Llevaba meses pidiéndome el dinero, íbamos a hacer un negocio, pero de los

buenos, me iba a hacer rica, eso decía. Hoy me ha dicho otra cosa. Que le iban a

matar, que por mi culpa le iban a matar, que necesitaba por lo menos la mitad,

dos millones, que se los diera, que me iba a matar él a mí si no se los daba, que

me quería, que era el padre de mi hijo, que soy su mujer, que siempre me ha

querido… Anda y vete a chulear a tu puta madre, Andrés, eso le he dicho… Eso le

he dicho. Que chuleara a su madre, que se perdiera, que me olvidara…

Te voy a matar, eso me ha dicho él a mí, estás avisada, no sirves para nada, no

eres más que una puta, y te voy a matar…

Escucharon el motor del coche antes de que Jesús volviera a reunirse con ellas.

Un instante después, Juan Olmedo, con la cara blanca como un papel y una cierta

brusquedad mecánica en todos sus movimientos que desmentía a medias la

tranquilidad que intentaba aparentar, extendió el brazo derecho en un ademán

mudo para apartar a Sara y se arrodilló en el suelo, al lado de Maribel, sin dejar

de hacer un ruido extraño con la lengua, un chasquido rítmico, regular, como el

que emplean las madres para tranquilizar a los bebés. Tenía el ceño fruncido,

concentrado, un brillo de velocidad en los ojos, y una capacidad sorprendente

para hacer más de una cosa a la vez, y todas muy deprisa.

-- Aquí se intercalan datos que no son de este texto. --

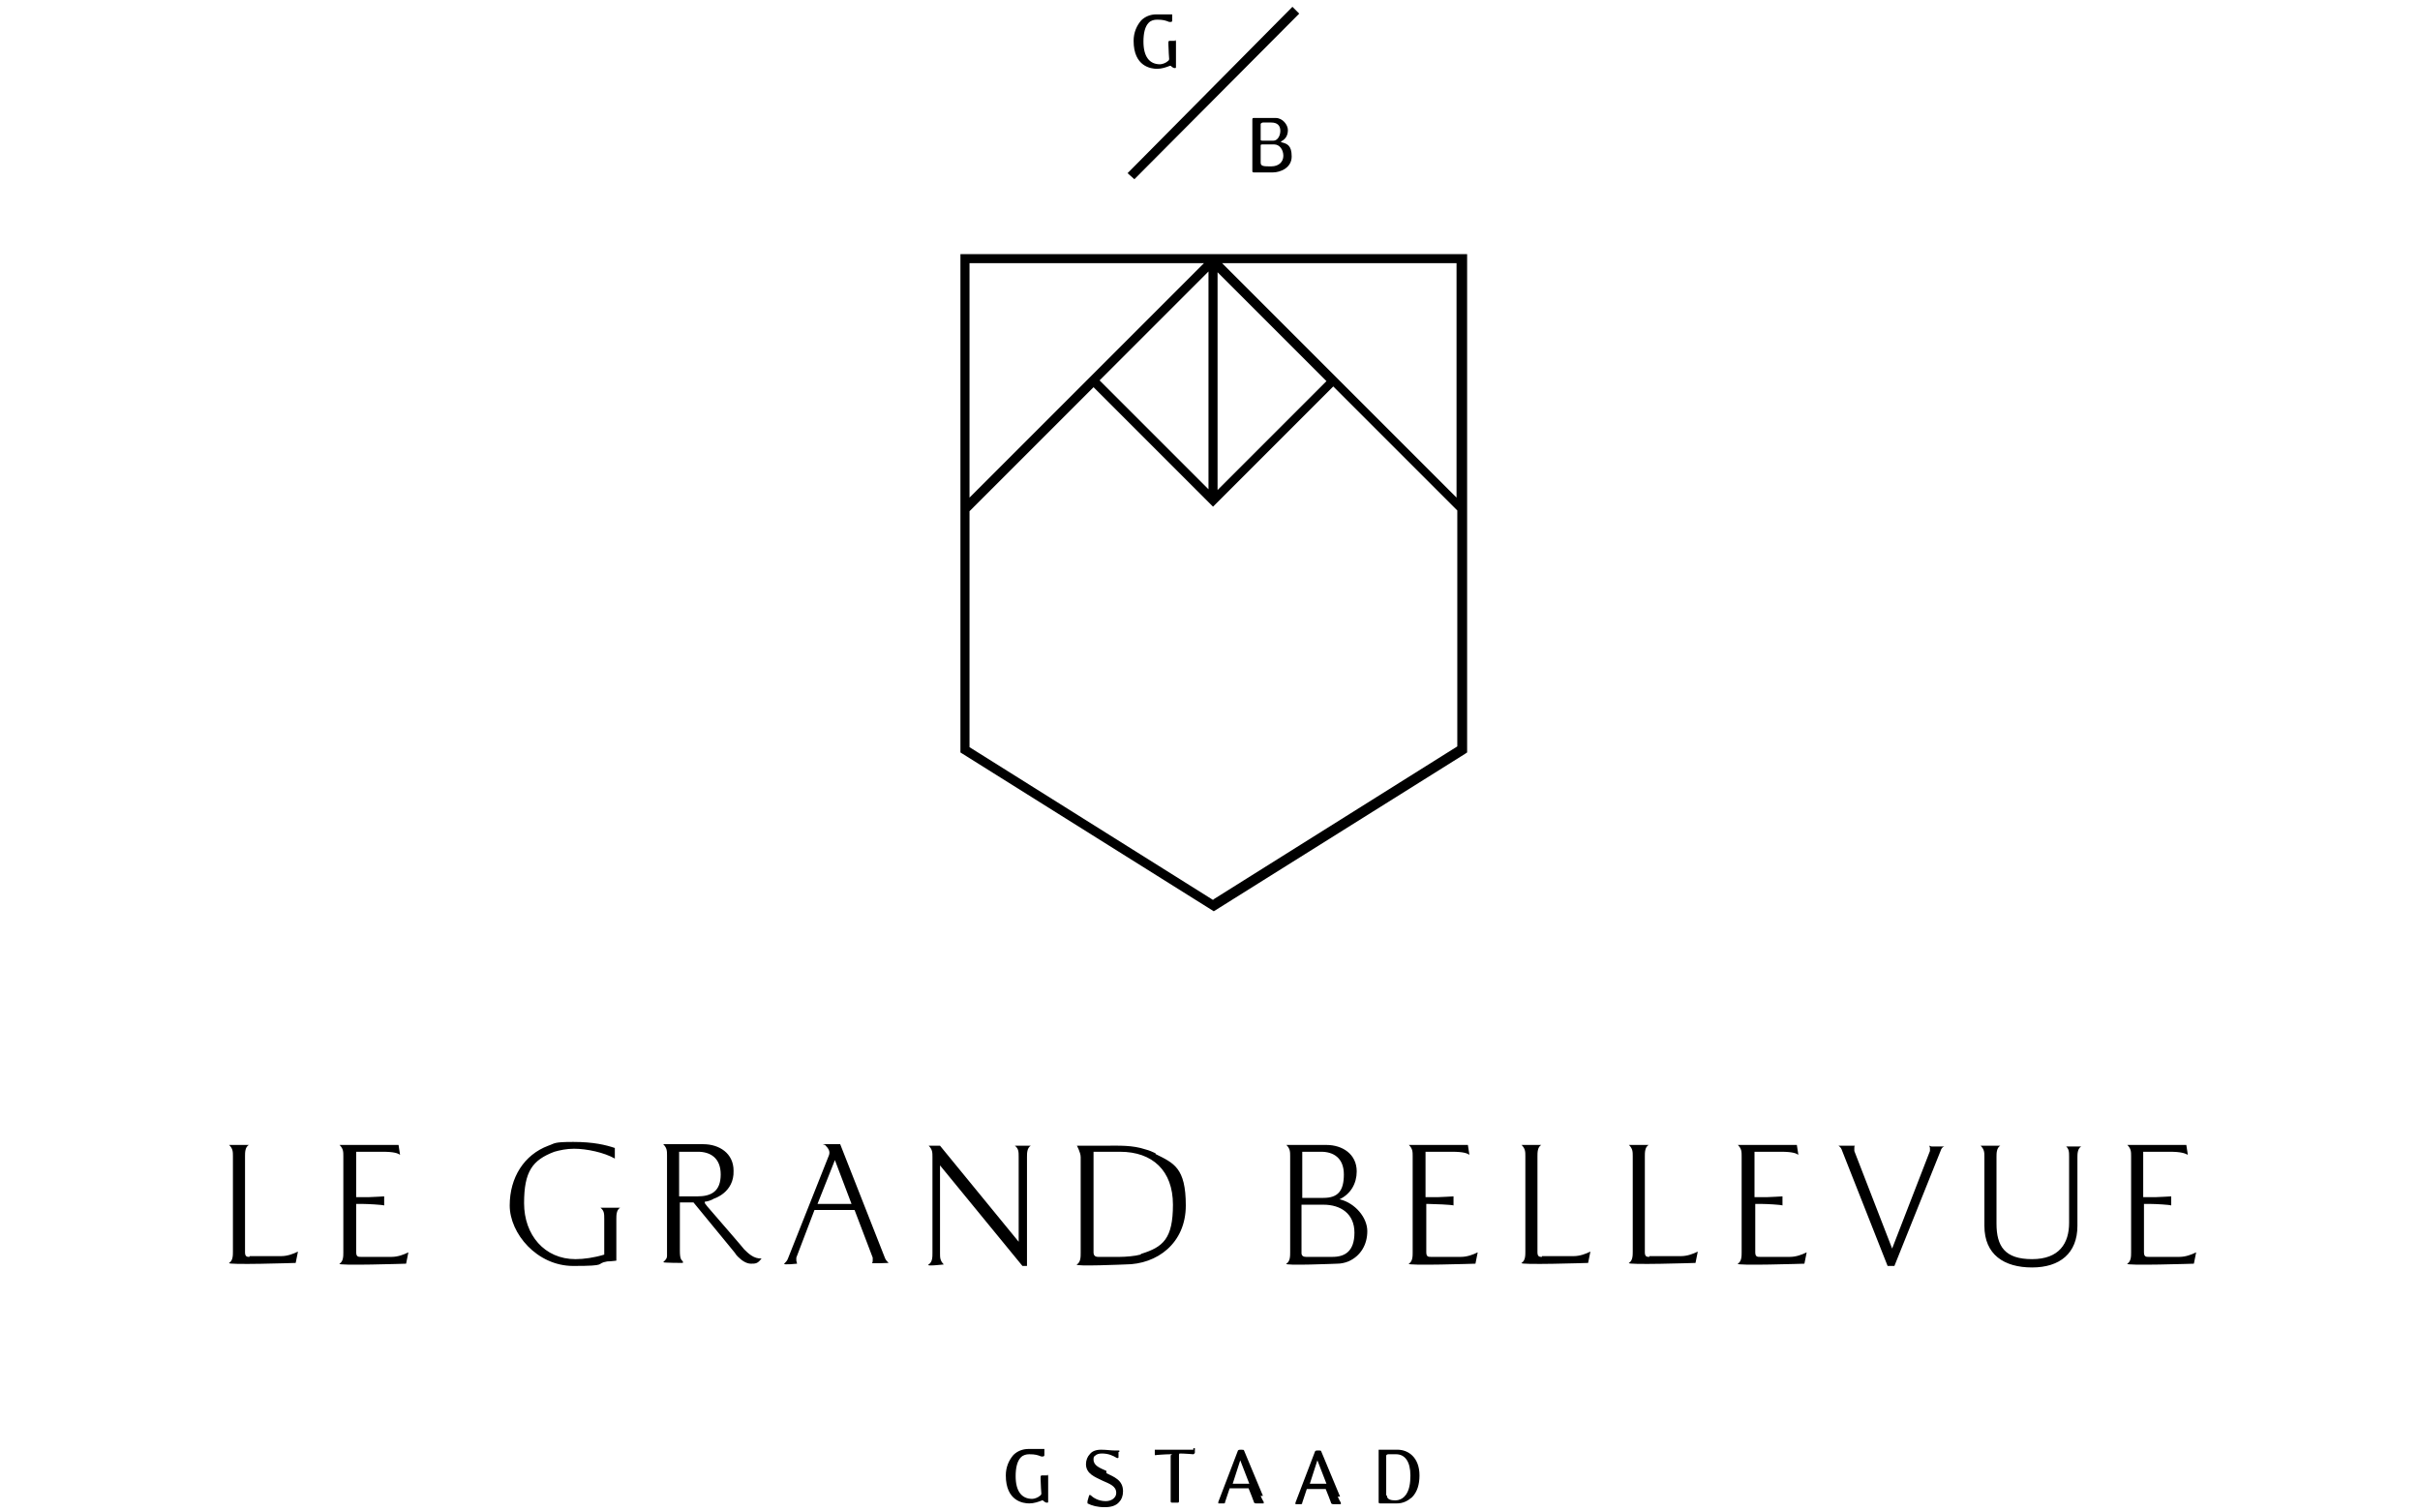<svg xmlns="http://www.w3.org/2000/svg" viewBox="0 0 320 200"><path d="M136.2 198.9Zm2.4-3.8h-.8c-.1 0-.2 0-.2.2v.3c0 .6.1 1.9.1 1.9s0 .2-.2.3c-.2.2-.7.4-1 .4-1.4 0-2.2-1-2.2-3 0-1.1.2-2 .7-2.5.3-.3.7-.4 1.1-.4.8 0 1.1.1 1.6.3h.2s.2 0 .2-.2V191.6H136c-.8 0-1.5.3-2 .8-.6.7-1 1.6-1 2.7 0 3.4 2.3 3.7 3.1 3.7.6 0 1.2-.2 1.7-.4h.1s.3.3.5.3.2 0 .2-.2v-3.4s0-.1-.2-.1ZM146.1 198.9Zm.2-4.4c-.9-.4-1.7-.7-1.7-1.5 0-.2 0-.4.2-.5.2-.2.5-.3.9-.3.9 0 1.5.3 2 .6h.1s.1 0 .1-.1v-.7c.2 0 .1-.1.1-.2h-.7c-.4 0-1-.1-1.7-.1s-1.2.2-1.5.6c-.3.3-.5.8-.5 1.3 0 1.3 1.2 1.7 2.2 2.2.9.4 1.8.7 1.8 1.6 0 .3-.1.5-.3.7-.3.3-.7.4-1.1.4-1 0-1.7-.5-2-.8h-.1c-.1 0-.1 0-.1.1l-.2.7v.3c.6.3 1.3.5 2.3.5.8 0 1.5-.2 1.9-.7.3-.3.5-.8.5-1.4 0-1.5-1.2-1.9-2.2-2.4ZM155.7 198.8Zm2.1-7.1H152.7v.6c0 .1.1.2.2.1 0 0 1.2-.1 1.8-.1s.1 0 .1.2v6c0 .1 0 .2.2.2h.7c.1 0 .2 0 .2-.2v-6.1s0-.2.1-.2c.6 0 1.8.1 1.8.1s.1 0 .2-.2v-.6h-.2ZM167.3 198.8Zm-3.3-5.7 1.2 3.1H163l1-3.1Zm3 4.7-2.5-6c0-.1-.2-.1-.4-.1s-.3 0-.4.1l-2.6 6.8v.2h.7c.1 0 .2 0 .2-.2l.6-1.8h2.5l.4 1c.1.3.3.8.3.8 0 .1.1.2.3.2h1v-.2s-.3-.5-.4-.8ZM174.2 193.1l1.2 3.1h-2.2l1-3.1Zm3 4.8-2.5-6c0-.1-.2-.1-.4-.1s-.3 0-.4.1l-2.6 6.8v.2h.7c.1 0 .2 0 .2-.2l.6-1.8h2.5l.4 1c.1.3.3.8.3.8 0 .1.1.2.3.2h1v-.2s-.3-.5-.4-.8ZM184.6 198.8Zm-1.3-1.1V192.5c0-.1.1-.2.3-.2h1c1.2 0 1.9 1 1.9 2.8 0 .9-.1 2.1-.8 2.8-.3.3-.7.5-1.2.5s-1.1-.1-1.1-.6Zm1.4-6h-2.4v6.9c0 .1 0 .2.2.2h2.2c.8 0 1.4-.3 2-.8.7-.7 1-1.7 1-2.9 0-2.4-1.5-3.4-2.9-3.4ZM153.1 9.2Zm2.4-3.8h-.8c-.1 0-.2 0-.2.2v.3c0 .6.1 1.9.1 1.9s0 .2-.2.3c-.2.2-.7.4-1 .4-1.4 0-2.2-1-2.2-3 0-1.1.2-2 .7-2.5.3-.3.7-.4 1.1-.4.8 0 1.1.1 1.6.3h.2c.1 0 .2 0 .2-.2V1.9h-2.1c-.8 0-1.5.3-2 .8-.6.7-1 1.6-1 2.7 0 3.4 2.3 3.7 3.1 3.7.6 0 1.2-.2 1.7-.4h.1s.3.3.5.3.2 0 .2-.2V5.4s0-.1-.2-.1ZM168.3 18.6h-1.4s-.2 0-.2-.1v-2.1c0-.1.2-.2.3-.2h1.1c.8 0 1.2.4 1.2 1.1s-.4 1.3-.9 1.3Zm-1.5.5h1.7c.7 0 1.2.7 1.2 1.5s-.6 1.4-1.6 1.4-1.4 0-1.4-.5v-2.3s0-.1.2-.1Zm2.6-.4c.6-.3.9-.8.9-1.5s-.7-1.6-1.6-1.6h-2.9c-.1 0-.2 0-.2.2v6.8c0 .1 0 .2.2.2h2.5c1 0 2.5-.6 2.5-2.1s-.6-1.7-1.4-1.9ZM160.4 119l-32.2-20.2V67.6l16.4-16.4L160.4 67l15.9-15.9 16.4 16.4v31.2l-32.2 20.2Zm-1.2-84.2-31 31v-31h31ZM161 36l14.4 14.4L161 64.8V36.1Zm-1.2 28.7-14.4-14.4 14.4-14.4v28.7Zm32.8 1.1-31-31h31v31ZM127 33.6v65.9l33.5 21 33.2-20.8.3-.2V33.6h-66.9ZM150 23.7l-.9-.8 21.8-22 .9.9L150 23.7zM33 166.2c-.3 0-.6 0-.6-.6v-12.7c0-.5 0-1.2.5-1.5h-2.6c.5.5.5.9.5 1.5v12.6c0 .5 0 1.2-.5 1.5s8.8 0 8.8 0l.3-1.5c-.6.3-1.4.6-2.2.6H33ZM47.7 166.2c-.3 0-.6 0-.6-.6v-6.4h.9c.6 0 2.5.1 2.8.2v-1.2c-.2 0-1.5.1-2 .1h-1.7v-6h3.5c1.5 0 2 .2 2.3.4l-.2-1.3h-7.8c.5.5.5.9.5 1.5v12.7c0 .5 0 1.2-.5 1.5s8.8 0 8.8 0l.3-1.5c-.6.3-1.4.6-2.2.6h-4.2ZM79.4 159.7c.5.4.5.8.5 1.5v4.7c-1.3.4-2.7.6-3.8.6-4.1 0-6.8-3.2-6.8-7.4s1.1-5.7 4-6.8c.7-.2 1.6-.4 2.6-.4 1.7 0 4 .5 5.4 1.3v-1.4c-1.2-.4-2.8-.8-5.5-.8s-2.4.2-3.3.5c-3.2 1.2-5.1 4.2-5.1 7.9s3.6 8 8.4 8 2.8-.3 4.5-.6c.4 0 1.2-.1 1.2-.1v-5.5c0-.5 0-1.2.5-1.5h-2.6ZM134.2 151.5c.5.4.5.8.5 1.5v11.2l-10.4-12.7h-1.5c.5.5.5.9.5 1.5v12.7c0 .5 0 1.2-.5 1.5s2 0 2 0c-.5-.5-.5-.9-.5-1.5v-11.6l10.9 13.3h.6V153c0-.5 0-1.2.5-1.5h-2ZM150.8 165.9c-.7.2-2 .3-2.7.3h-2.9c-.4 0-.6-.2-.6-.6v-13.3h3.5c4.3 0 7 2.5 7 7s-1.3 5.6-4.2 6.5Zm2-13.4c-.4-.2-.9-.4-1.3-.5-1.8-.6-3.5-.5-5.4-.5h-3.7s.5.9.5 1.5v12.7c0 .5 0 1.2-.5 1.5s6.4 0 6.4 0c4.2 0 8-2.8 8-7.8s-1.6-5.6-4-6.8ZM176.2 166.2h-3.5c-.3 0-.6-.1-.6-.5v-6.4h2.9c2.3 0 4.1 1.2 4.1 3.7s-1.3 3.2-2.9 3.2Zm-4-13.9h2.5c1.6 0 3 .8 3 3s-.8 3.1-2.7 3.1h-2.8v-6.1Zm4.9 6.3c1.5-.7 2.3-2.1 2.3-3.7 0-2.3-1.9-3.5-4-3.5h-5.3c.5.5.5.9.5 1.5v12.7c0 .5 0 1.2-.5 1.5s6.7 0 6.7 0c.5 0 1-.1 1.5-.3 1.6-.7 2.5-2.2 2.5-4s-1.6-3.7-3.6-4.2ZM92.3 152.3c1.6 0 3 .8 3 3s-1.2 2.9-3.1 2.9h-2.4v-5.9h2.5Zm-4.6 14.6c0 .1 2.6.1 2.6.1v-.2c-.2-.2-.4-.3-.4-1.4V159h1.8l4.6 5.6.9 1.1c.1.2.3.4.4.5.5.5 1.1.9 1.7.9s.9 0 1.4-.7c-1 .1-1.8-.7-2.3-1.2l-.5-.6-1.2-1.4-3.2-3.7-.3-.4v-.2c.3 0 .9-.2 1.2-.4 0 0 2.7-.8 2.6-3.7 0-2.3-1.9-3.5-4-3.5h-5.3c.5.5.5.9.5 1.5v13.3c0 .3-.2.5-.4.7M189.2 166.2c-.3 0-.6 0-.6-.6v-6.4h.3c.6 0 3.1.1 3.3.2v-1.2c-.2 0-1.5.1-2 .1h-1.7v-6h3.5c1.5 0 2 .2 2.3.4l-.2-1.3h-7.8c.5.5.5.9.5 1.5v12.7c0 .5 0 1.2-.5 1.5s8.8 0 8.8 0l.3-1.5c-.6.3-1.4.6-2.2.6H189ZM203.9 166.2c-.3 0-.6 0-.6-.6v-12.7c0-.5 0-1.2.5-1.5h-2.6c.5.5.5.9.5 1.5v12.6c0 .5 0 1.2-.5 1.5s8.8 0 8.8 0l.3-1.5c-.6.3-1.4.6-2.2.6h-4.2ZM218.1 166.2c-.3 0-.6 0-.6-.6v-12.7c0-.5 0-1.2.5-1.5h-2.6c.5.5.5.9.5 1.5v12.6c0 .5 0 1.2-.5 1.5s8.8 0 8.8 0l.3-1.5c-.6.3-1.4.6-2.2.6h-4.2ZM232.7 166.2c-.3 0-.6 0-.6-.6v-6.4h.9c.6 0 2.5.1 2.7.2v-1.2c-.2 0-1.5.1-2 .1H232v-6h3.5c1.5 0 2 .2 2.3.4l-.2-1.3h-7.8c.5.5.5.9.5 1.5v12.7c0 .5 0 1.2-.5 1.5s8.8 0 8.8 0l.3-1.5c-.6.3-1.4.6-2.2.6h-4.2ZM255.1 151.5s.1.2.1.3v.4l-5 12.9-5-12.9v-.4c0-.1 0-.3.1-.3h-2.2c.3.2.4.4.5.7l6 15.2h.9l6.1-15.2c.1-.3.2-.5.5-.6h-1.7ZM273.1 151.5c.5.4.5.8.5 1.5v8.7c0 2.7-1.3 4.8-4.9 4.8s-4.7-1.7-4.7-4.7V153c0-.5 0-1.2.5-1.5h-2.6c.5.5.5.9.5 1.5v9.1c0 3.8 2.6 5.5 6.3 5.5s6-1.9 6-5.5v-9c0-.5 0-1.2.5-1.5h-2ZM288.3 166.2h-4.2c-.3 0-.6 0-.6-.6v-6.4h.9c.6 0 2.5.1 2.7.2v-1.2c-.2 0-1.5.1-2 .1h-1.7v-6h3.5c1.5 0 2 .2 2.4.4l-.2-1.3h-7.8c.5.5.5.9.5 1.5v12.7c0 .5 0 1.2-.5 1.5s8.8 0 8.8 0l.3-1.5c-.6.3-1.4.6-2.2.6ZM108.1 159.2l2.3-5.8 2.2 5.8h-4.5Zm1-7.8c.5.5.7.9.5 1.4s-5.4 13.6-5.4 13.6c-.1.3-.3.5-.5.7s1.7 0 1.7 0c0-.1-.1-.3-.1-.4v-.4l2.4-6.3h5.3l2.4 6.3v.4c0 .1 0 .2-.1.3s2.2 0 2.2 0c-.2-.2-.4-.4-.5-.7l-5.9-15h-2.3Z"/></svg>

Antes de examinar la

herida, mientras se sacaba del bolsillo del pantalón un paquete de guantes

estériles, estudió el charco que se extendía por el suelo, se puso el guante

izquierdo con los ojos fijos en la acera, se encajó el derecho midiendo la distancia

entre la caseta y el cuerpo tendido en el suelo, y cuando terminó, sin haberse

detenido a mirar a Maribel siquiera, ya había obtenido respuestas para un montón

de preguntas.

—Procura contestar sólo sí o no y hablar lo menos posible, ¿de acuerdo? ¿Tienes

frío?

—Sí.

—¿Cuánto frío?

—Cada vez más.

—Pero no tiritas.

—No.

—¿Tienes la sensación de estar a punto de tiritar de un momento a otro?

—No, creo que no, pero…

—No hables de más, Maribel.

¿Cuál es tu grupo sanguíneo?

—A positivo.

Sólo después levantó el vestido, observó la herida, estiró sus labios con las yemas

de los dedos, volvió a reunirlos, y por fin, manteniendo la mano derecha sobre su

vientre desgarrado, se inclinó sobre el rostro de Maribel.

—¿Con qué ha sido? –volvió a preguntar en una voz mucho más baja, y Sara, que

había empezado a llorar sin darse cuenta, comprendió por qué había tardado

tanto tiempo en atreverse a mirarla, y que no podía elevar sus palabras por

encima del volumen de aquel murmullo–.

Un cuchillo de cocina, un cuchillo de monte, una navaja…

—Una navaja.

—Automática.

—Sí.

—Con la hoja de un palmo…

–entonces volvió a mirar la herida y metió el dedo índice dentro con una

tranquilidad pasmosa– o un poco menos de un palmo, ¿no?